The 2026 World Cup hasn't even finished and FIFA is already thinking bigger. President Gianni Infantino has confirmed the governing body will formally examine expanding the tournament to 64 teams — potentially as soon as 2030. That's not a distant pipe dream. It's an active discussion.
If it happens, this wouldn't just be another incremental tweak. The World Cup went from 16 teams to 24 in 1982, then 32 in 1998, and 48 in 2026. A jump to 64 would be the sharpest single expansion in the tournament's history.
How the format would work
The most logical structure is straightforward: 16 groups of four teams, with the top two from each advancing. That produces a 32-team knockout bracket — the same size as the entire tournament from 1998 to 2022 — then runs through a Round of 32, Round of 16, quarterfinals, semifinals, and the final.
Total matches: 128. Compare that to the 64-game format used in the 32-team era, or the 104 matches scheduled for 2026. It's a significant jump in volume, which means more TV inventory, more commercial deals, and more strain on players already working through a congested calendar.
Three-team groups won't be on the table. FIFA already abandoned that idea for 2026 after legitimate concerns about collusion — teams knowing exactly what result they need in the final group game creates the conditions for a fix. Four-team groups restore competitive integrity, even if they inflate the overall match count.
Qualification becomes almost meaningless for some confederations
This is the part that should generate the most debate. With 64 spots available, nearly a third of FIFA's 210+ member nations would qualify. CONMEBOL already sends six teams to the 48-team tournament. In a 64-team world, the number rises further — meaning qualification campaigns in South America could become little more than seeding exercises for most countries.
Supporters frame this as democratisation. More nations on the global stage means more investment in development, more exposure, more growth. It's a coherent argument, especially for regions that have historically been underrepresented.

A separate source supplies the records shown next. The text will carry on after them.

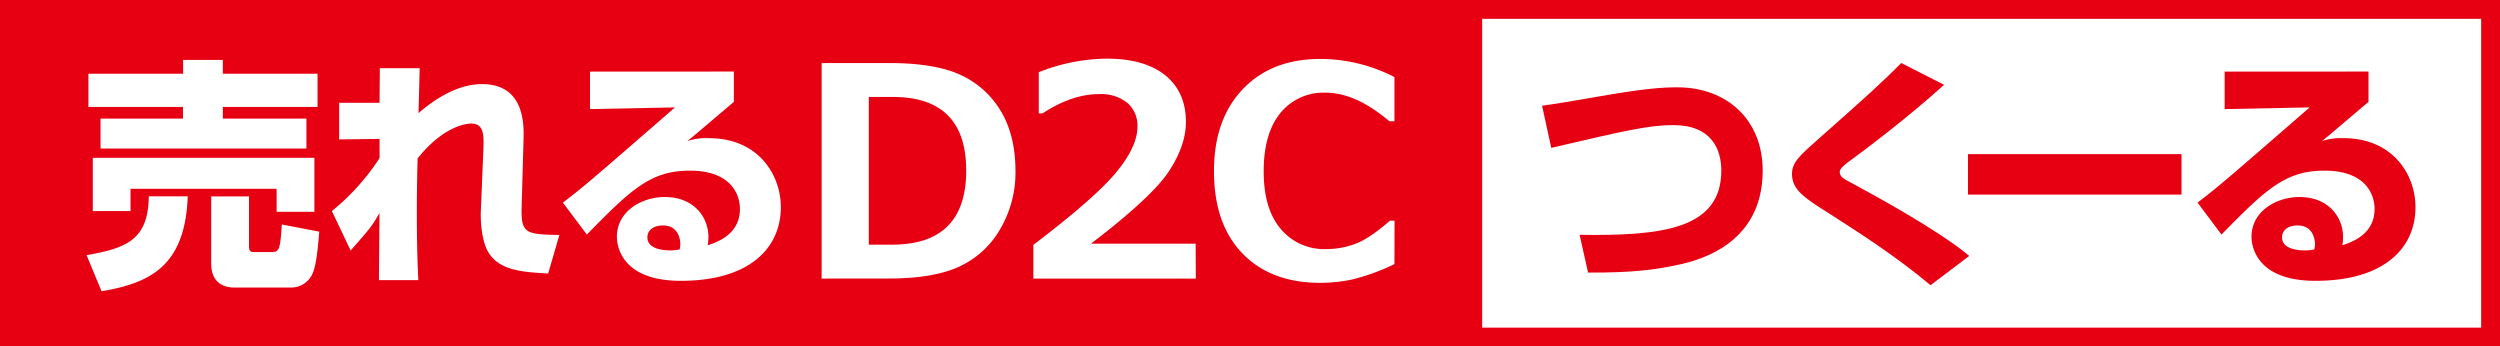 <svg xmlns="http://www.w3.org/2000/svg" viewBox="0 0 667.33 92.49">
  <rect x="0" y="0" width="667.33" height="92.49" fill="#333333" stroke="none"/>
  <defs>
    <style>
      .a, .d {
        fill: #e60012;
      }

      .a, .b {
        stroke: #e60012;
        stroke-miterlimit: 10;
        stroke-width: 5.03px;
      }

      .b, .c {
        fill: #fff;
      }
    </style>
  </defs>
  <g>
    <rect class="a" x="2.51" y="2.51" width="390.96" height="87.46"/>
    <rect class="b" x="393.12" y="2.51" width="271.7" height="87.46"/>
    <g>
      <path class="c" d="M98.79,540.57c-.65,18.49-9.89,23.14-23,25.34l-4-9.63c10.73-1.87,16.48-4.14,16.61-15.71ZM72.28,507.86H97.56v-3.69h10.6v3.69h25.28v8.85H108.16v3.11h22.31v8H75.52v-8h22v-3.11H72.28Zm1.17,22.43H132.6v14.42H122.52v-6.14h-39v5.94H73.45ZM133.9,550c-.33,3.88-.72,8.53-1.68,10.92a6.21,6.21,0,0,1-5.69,4H111.27c-4,0-6.21-2.26-6.21-6.33v-18h10.09v13.19c0,1.49.38,1.68,1.48,1.68H121c2.2,0,2.46-.45,2.91-7.37Z" transform="translate(-48.68 -488.17)"/>
      <path class="c" d="M160.7,506.37c0,.52-.26,10.73-.32,12,3-2.58,9.57-7.75,17-7.75,11.44,0,11.12,11.05,11.06,14.48l-.52,18.36c-.2,7.18,1.23,7.24,10.08,7.43l-3,10.28c-6.92-.38-13.39-.77-16.23-6.14-1.75-3.36-1.81-9-1.75-10.21l.71-17.27c.13-3.62-.06-6.4-3.23-6.4-.84,0-7.11.26-14.35,9.31-.07,3-.2,7.7-.2,14.49,0,8.79.2,13.9.39,18H149.84c0-2.85.13-15.39.13-17.91-2.07,3.56-2.14,3.69-7.7,10l-5-10.54A60.3,60.3,0,0,0,150,530.35v-5.1l-10.79.13v-9.77H150c0-1,.07-8.85.07-9.24Z" transform="translate(-48.68 -488.17)"/>
      <path class="c" d="M244.57,507.27v8.09c-9.76,8.27-10.34,8.79-12.41,10.47a16.14,16.14,0,0,1,5.75-.78c13.19,0,19.2,9.77,19.2,18.43,0,10.67-8.08,19.65-26.7,19.65-16.74,0-17.06-10.41-17.06-11.76,0-6.79,6.59-10.61,12.8-10.61,7.76,0,11.63,5.37,11.63,10.67a13.73,13.73,0,0,1-.19,2.2c5.5-1.68,8.6-4.79,8.6-9.7,0-3.94-2.46-10.21-13.38-10.21-10.35,0-15.59,4.91-27.48,17.06l-6.4-8.53c5.3-4,7.76-6.14,29.93-25.41l-22.69.45v-10Zm-14.29,46c0-.46-.12-4.92-4.65-4.92-2.46,0-4.14,1.23-4.14,3.17,0,3.3,4.66,3.49,6.14,3.49a11,11,0,0,0,2.46-.26A5.78,5.78,0,0,0,230.28,553.31Z" transform="translate(-48.68 -488.17)"/>
    </g>
    <g>
      <path class="c" d="M268,562.53V505h18q12.21,0,19,3.13a24.23,24.23,0,0,1,10.79,9.62q3.94,6.5,3.95,16.07a29.8,29.8,0,0,1-4.11,15.56,24.36,24.36,0,0,1-11,10q-6.87,3.12-18.55,3.13Zm12.59-48.48v39.43h6.19q19.8,0,19.81-19.77t-19.81-19.66Z" transform="translate(-48.68 -488.17)"/>
      <path class="c" d="M367.88,562.53H324.52v-9Q341,541,346.63,534.17t5.67-12.07a8,8,0,0,0-2.73-6.5,11.25,11.25,0,0,0-7.5-2.31q-7.24,0-15.11,5.15h-1v-11a50.62,50.62,0,0,1,18.06-3.62q10.19,0,15.7,4.45t5.52,12.46q0,6.18-4.48,13.07t-20.86,19.41h27.94Z" transform="translate(-48.68 -488.17)"/>
      <path class="c" d="M420.9,558.67a56,56,0,0,1-11.53,4.16,42.75,42.75,0,0,1-8.24.84q-13.22,0-20.81-7.86t-7.59-21.95q0-13.82,7.69-21.89t20.74-8.07a43.38,43.38,0,0,1,19.74,4.84v11.8h-1.34q-9-7.63-17-7.63a14.83,14.83,0,0,0-12.14,5.47Q386,523.86,386,533.9t4.54,15.36a15.07,15.07,0,0,0,12.14,5.4,22.2,22.2,0,0,0,7.75-1.39q3.78-1.39,9.28-6.2h1.22Z" transform="translate(-48.68 -488.17)"/>
    </g>
    <g>
      <path class="d" d="M470.33,550.85c21.91.32,37.82-1.49,37.82-17.13,0-5.56-2.46-12.16-12.87-12.16-6.46,0-13.12,1.55-32.52,6.08l-2.45-11.25c3.81-.52,6.53-1,13.19-2.13,14.15-2.52,18.87-2.78,22.95-2.78,13.19,0,22.75,8.66,22.75,22.24,0,20.56-18.62,24.37-23.85,25.4-4.46.91-10.41,1.88-22.76,1.81Z" transform="translate(-48.68 -488.17)"/>
      <path class="d" d="M564,564.3c-9.57-8-19.07-14-27.35-19.33-6.14-3.88-9.63-6.08-9.63-10.35,0-3.17,2.13-5,7.37-9.63,12-10.6,16.87-15,21.79-20l11.44,5.82c-9.57,8.66-21.14,17.39-25.34,20.43-1.1.84-2.52,1.87-2.52,2.84,0,1.3,1.16,1.88,3.29,3,6.08,3.3,23,12.48,31.29,19.4Z" transform="translate(-48.68 -488.17)"/>
      <path class="d" d="M631,529.32v10.8H574v-10.8Z" transform="translate(-48.68 -488.17)"/>
      <path class="d" d="M680.91,507.27v8.09c-9.76,8.27-10.34,8.79-12.41,10.47a16.09,16.09,0,0,1,5.75-.78c13.19,0,19.2,9.77,19.2,18.43,0,10.67-8.08,19.65-26.7,19.65-16.74,0-17.07-10.41-17.07-11.76,0-6.79,6.6-10.61,12.8-10.61,7.76,0,11.64,5.37,11.64,10.67a13.73,13.73,0,0,1-.19,2.2c5.49-1.68,8.6-4.79,8.6-9.7,0-3.94-2.46-10.21-13.39-10.21-10.34,0-15.58,4.91-27.47,17.06l-6.4-8.53c5.3-4,7.75-6.14,29.93-25.41l-22.69.45v-10Zm-14.29,46c0-.46-.13-4.92-4.65-4.92-2.46,0-4.14,1.23-4.14,3.17,0,3.3,4.65,3.49,6.14,3.49a11,11,0,0,0,2.46-.26A5.78,5.78,0,0,0,666.62,553.31Z" transform="translate(-48.68 -488.17)"/>
    </g>
  </g>
</svg>
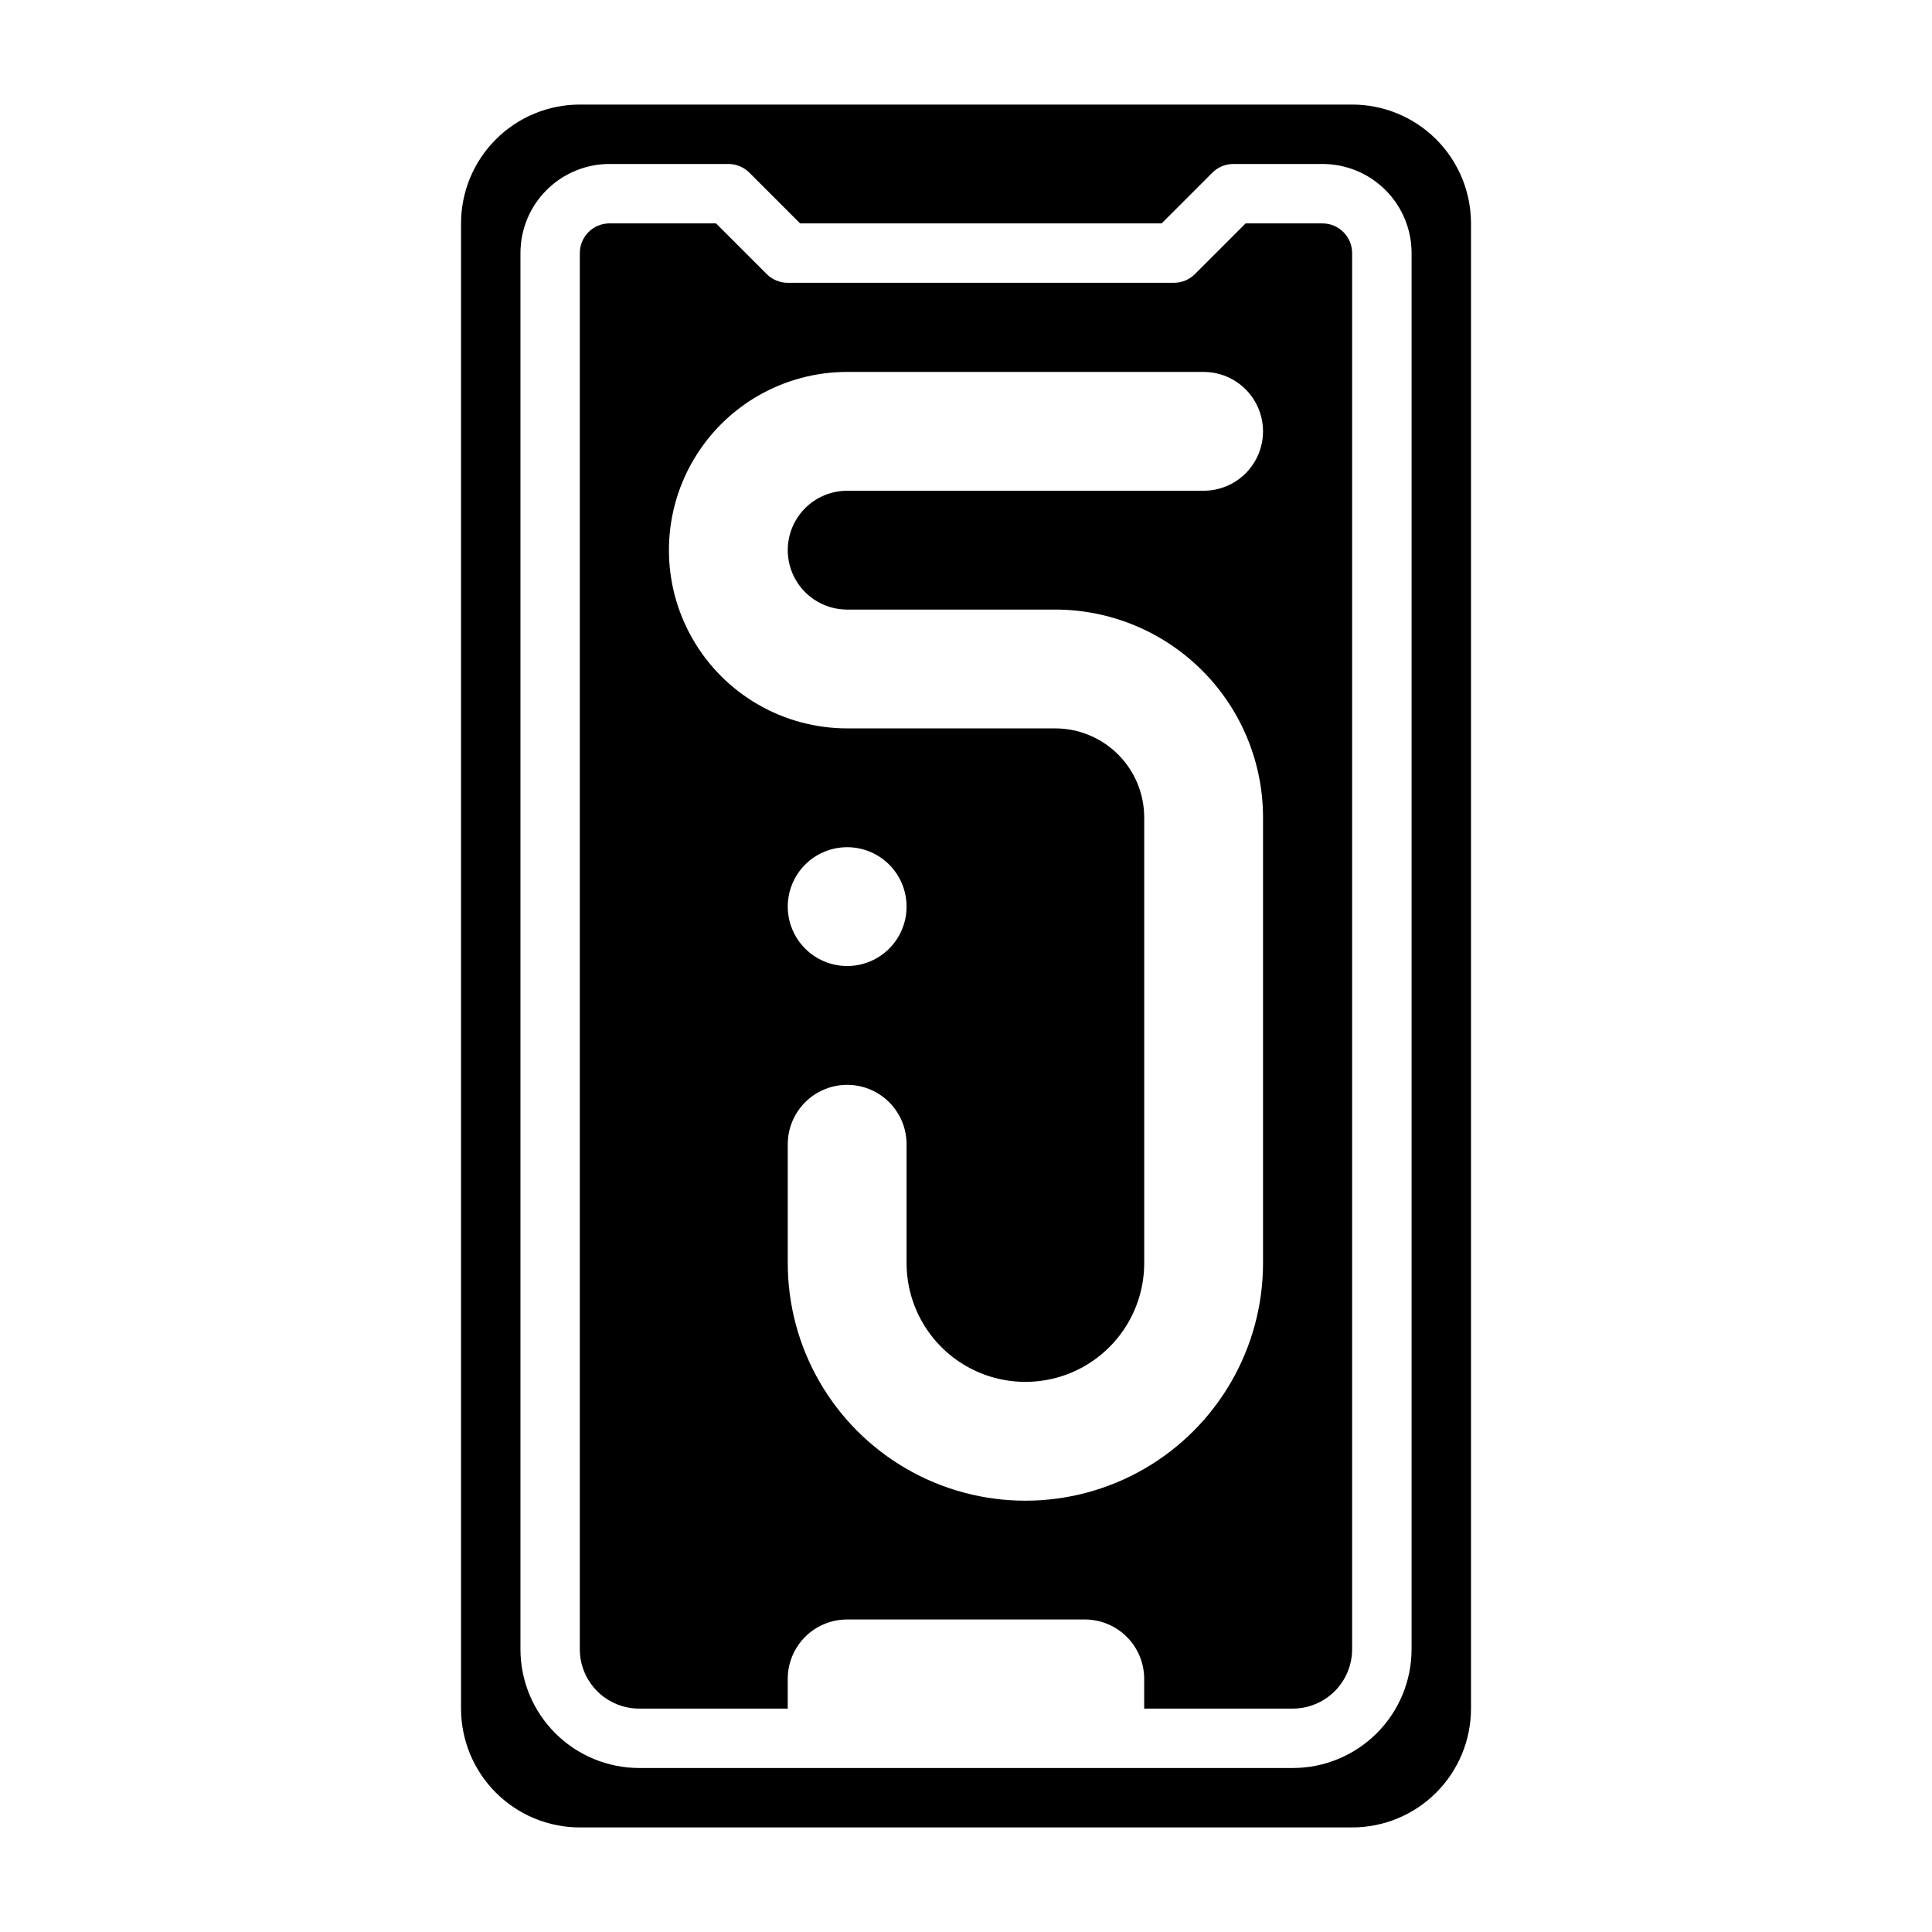 <?xml version="1.0" encoding="UTF-8"?>
<!-- Uploaded to: ICON Repo, www.iconrepo.com, Generator: ICON Repo Mixer Tools -->
<svg fill="#000000" width="800px" height="800px" version="1.1" viewBox="144 144 512 512" xmlns="http://www.w3.org/2000/svg">
 <g>
  <path d="m502.34 171.71h-204.67c-8.352 0-16.363 3.316-22.266 9.223-5.906 5.902-9.223 13.914-9.223 22.266v393.6c0 8.348 3.316 16.359 9.223 22.266 5.902 5.902 13.914 9.223 22.266 9.223h204.67c8.352 0 16.359-3.32 22.266-9.223 5.902-5.906 9.223-13.918 9.223-22.266v-393.6c0-8.352-3.32-16.363-9.223-22.266-5.906-5.906-13.914-9.223-22.266-9.223zm15.742 409.34c0 8.352-3.316 16.359-9.223 22.266s-13.914 9.223-22.266 9.223h-173.18c-8.352 0-16.359-3.316-22.266-9.223s-9.223-13.914-9.223-22.266v-369.98c0-6.266 2.488-12.27 6.918-16.699 4.43-4.43 10.434-6.918 16.699-6.918h31.488c2.086 0 4.09 0.832 5.562 2.309l13.438 13.438h95.82l13.438-13.438c1.477-1.477 3.477-2.309 5.566-2.309h23.617-0.004c6.266 0 12.273 2.488 16.699 6.918 4.43 4.43 6.918 10.434 6.918 16.699z"/>
  <path d="m494.46 203.2h-20.355l-13.438 13.438c-1.477 1.477-3.477 2.305-5.566 2.305h-102.34c-2.086 0-4.09-0.828-5.566-2.305l-13.438-13.438h-28.227c-4.348 0-7.871 3.523-7.871 7.871v369.98c0 4.176 1.656 8.18 4.609 11.133 2.953 2.953 6.957 4.613 11.133 4.613h39.359v-7.875c0-4.176 1.66-8.18 4.613-11.133s6.957-4.609 11.133-4.609h62.977c4.176 0 8.18 1.656 11.133 4.609 2.949 2.953 4.609 6.957 4.609 11.133v7.871h39.359v0.004c4.176 0 8.18-1.66 11.133-4.613s4.613-6.957 4.613-11.133v-369.98c0-2.09-0.832-4.09-2.309-5.566-1.473-1.477-3.477-2.305-5.566-2.305zm-125.95 102.34h55.105-0.004c14.617 0 28.633 5.805 38.965 16.141 10.336 10.332 16.141 24.348 16.141 38.961v118.08c0 22.5-12.004 43.289-31.488 54.539s-43.492 11.25-62.977 0-31.488-32.039-31.488-54.539v-31.488c0-5.625 3-10.82 7.871-13.633 4.871-2.812 10.875-2.812 15.746 0 4.871 2.812 7.871 8.008 7.871 13.633v31.488c0 11.25 6.004 21.645 15.746 27.27s21.746 5.625 31.488 0c9.742-5.625 15.742-16.02 15.742-27.27v-118.08c0-6.262-2.488-12.27-6.918-16.699-4.426-4.426-10.434-6.914-16.699-6.914h-55.102c-16.875 0-32.469-9.004-40.906-23.617s-8.438-32.617 0-47.23c8.438-14.617 24.031-23.617 40.906-23.617h94.465c5.621 0 10.82 3 13.633 7.871 2.812 4.871 2.812 10.875 0 15.746-2.812 4.871-8.012 7.871-13.633 7.871h-94.465c-5.625 0-10.824 3-13.637 7.871-2.812 4.871-2.812 10.871 0 15.746 2.812 4.871 8.012 7.871 13.637 7.871zm-15.746 78.719c0-4.176 1.66-8.18 4.613-11.133s6.957-4.609 11.133-4.609 8.18 1.656 11.133 4.609 4.609 6.957 4.609 11.133c0 4.176-1.656 8.18-4.609 11.133s-6.957 4.613-11.133 4.613-8.18-1.66-11.133-4.613-4.613-6.957-4.613-11.133z"/>
 </g>
</svg>

Critics — particularly from European football's power structures — push back on two fronts: the prestige of qualifying erodes when almost everyone makes it, and the group stage loses its edge when the gap in quality between the best and worst teams is measured in decades of infrastructure rather than a few league positions.
Both sides have a point. And neither is going away.
- 128 total matches — up from 104 in 2026 and 64 in the 32-team era
- 16 groups of four, top two advance — mirrors the pre-2026 structure at double the scale
- 2030 already spans South America, Europe, and Africa — adding 16 more teams compounds every logistical problem
- Player welfare concerns are real: the club calendar is already at breaking point
For anyone pricing outright World Cup markets or qualification odds, a 64-team tournament fundamentally changes the calculus. Smaller nations that currently sit on the outside looking in become genuine participants, and the path to the latter stages gets longer and more unpredictable for everyone.
FIFA will formally revisit the proposal after 2026 concludes. The 2030 centenary tournament — already spanning three continents — is the target. Whether 64 teams makes it there or gets pushed to 2034, the direction of travel is clear. Infantino wants it bigger. The question is how much resistance he faces, and from whom.